## Problem to solve
Would you reproduce the entries that follow exactly as they appear?

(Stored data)
==*==
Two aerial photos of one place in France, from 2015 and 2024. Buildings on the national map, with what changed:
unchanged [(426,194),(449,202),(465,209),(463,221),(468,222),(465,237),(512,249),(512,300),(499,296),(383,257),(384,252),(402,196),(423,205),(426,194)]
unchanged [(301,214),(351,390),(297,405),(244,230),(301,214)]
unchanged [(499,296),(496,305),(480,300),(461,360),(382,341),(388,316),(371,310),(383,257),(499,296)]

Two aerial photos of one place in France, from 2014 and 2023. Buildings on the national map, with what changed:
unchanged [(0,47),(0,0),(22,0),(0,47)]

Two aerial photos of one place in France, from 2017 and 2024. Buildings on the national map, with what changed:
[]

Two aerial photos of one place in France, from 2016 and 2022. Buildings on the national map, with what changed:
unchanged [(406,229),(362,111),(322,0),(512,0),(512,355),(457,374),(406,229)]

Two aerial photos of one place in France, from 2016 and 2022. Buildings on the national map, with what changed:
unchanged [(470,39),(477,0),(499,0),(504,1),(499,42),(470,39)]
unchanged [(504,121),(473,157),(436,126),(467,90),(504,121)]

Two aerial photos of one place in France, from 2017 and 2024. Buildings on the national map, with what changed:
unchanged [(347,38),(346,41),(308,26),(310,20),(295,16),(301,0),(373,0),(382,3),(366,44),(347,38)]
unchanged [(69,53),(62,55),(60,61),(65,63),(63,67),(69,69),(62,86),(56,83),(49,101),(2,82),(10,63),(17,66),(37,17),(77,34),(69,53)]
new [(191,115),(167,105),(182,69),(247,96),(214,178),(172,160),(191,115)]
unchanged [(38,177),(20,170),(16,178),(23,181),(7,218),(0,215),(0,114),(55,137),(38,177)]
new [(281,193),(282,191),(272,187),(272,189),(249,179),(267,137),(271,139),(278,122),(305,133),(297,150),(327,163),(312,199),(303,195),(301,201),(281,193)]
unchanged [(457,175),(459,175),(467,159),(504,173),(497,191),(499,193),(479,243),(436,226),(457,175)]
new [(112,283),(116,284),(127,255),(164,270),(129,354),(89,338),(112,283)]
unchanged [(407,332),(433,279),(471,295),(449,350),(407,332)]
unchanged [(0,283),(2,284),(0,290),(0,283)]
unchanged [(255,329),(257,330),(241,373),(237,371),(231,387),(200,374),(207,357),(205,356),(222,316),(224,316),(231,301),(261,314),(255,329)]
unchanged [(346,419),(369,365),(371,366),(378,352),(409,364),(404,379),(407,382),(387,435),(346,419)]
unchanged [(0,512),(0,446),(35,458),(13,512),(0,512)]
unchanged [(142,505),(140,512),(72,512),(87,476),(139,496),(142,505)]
==*==
## Exercise result
Two aerial photos of one place in France, from 2015 and 2024. Buildings on the national map, with what changed:
unchanged [(426,194),(449,202),(465,209),(463,221),(468,222),(465,237),(512,249),(512,300),(499,296),(383,257),(384,252),(402,196),(423,205),(426,194)]
unchanged [(301,214),(351,390),(297,405),(244,230),(301,214)]
unchanged [(499,296),(496,305),(480,300),(461,360),(382,341),(388,316),(371,310),(383,257),(499,296)]

Two aerial photos of one place in France, from 2014 and 2023. Buildings on the national map, with what changed:
unchanged [(0,47),(0,0),(22,0),(0,47)]

Two aerial photos of one place in France, from 2017 and 2024. Buildings on the national map, with what changed:
[]

Two aerial photos of one place in France, from 2016 and 2022. Buildings on the national map, with what changed:
unchanged [(406,229),(362,111),(322,0),(512,0),(512,355),(457,374),(406,229)]

Two aerial photos of one place in France, from 2016 and 2022. Buildings on the national map, with what changed:
unchanged [(470,39),(477,0),(499,0),(504,1),(499,42),(470,39)]
unchanged [(504,121),(473,157),(436,126),(467,90),(504,121)]

Two aerial photos of one place in France, from 2017 and 2024. Buildings on the national map, with what changed:
unchanged [(347,38),(346,41),(308,26),(310,20),(295,16),(301,0),(373,0),(382,3),(366,44),(347,38)]
unchanged [(69,53),(62,55),(60,61),(65,63),(63,67),(69,69),(62,86),(56,83),(49,101),(2,82),(10,63),(17,66),(37,17),(77,34),(69,53)]
new [(191,115),(167,105),(182,69),(247,96),(214,178),(172,160),(191,115)]
unchanged [(38,177),(20,170),(16,178),(23,181),(7,218),(0,215),(0,114),(55,137),(38,177)]
new [(281,193),(282,191),(272,187),(272,189),(249,179),(267,137),(271,139),(278,122),(305,133),(297,150),(327,163),(312,199),(303,195),(301,201),(281,193)]
unchanged [(457,175),(459,175),(467,159),(504,173),(497,191),(499,193),(479,243),(436,226),(457,175)]
new [(112,283),(116,284),(127,255),(164,270),(129,354),(89,338),(112,283)]
unchanged [(407,332),(433,279),(471,295),(449,350),(407,332)]
unchanged [(0,283),(2,284),(0,290),(0,283)]
unchanged [(255,329),(257,330),(241,373),(237,371),(231,387),(200,374),(207,357),(205,356),(222,316),(224,316),(231,301),(261,314),(255,329)]
unchanged [(346,419),(369,365),(371,366),(378,352),(409,364),(404,379),(407,382),(387,435),(346,419)]
unchanged [(0,512),(0,446),(35,458),(13,512),(0,512)]
unchanged [(142,505),(140,512),(72,512),(87,476),(139,496),(142,505)]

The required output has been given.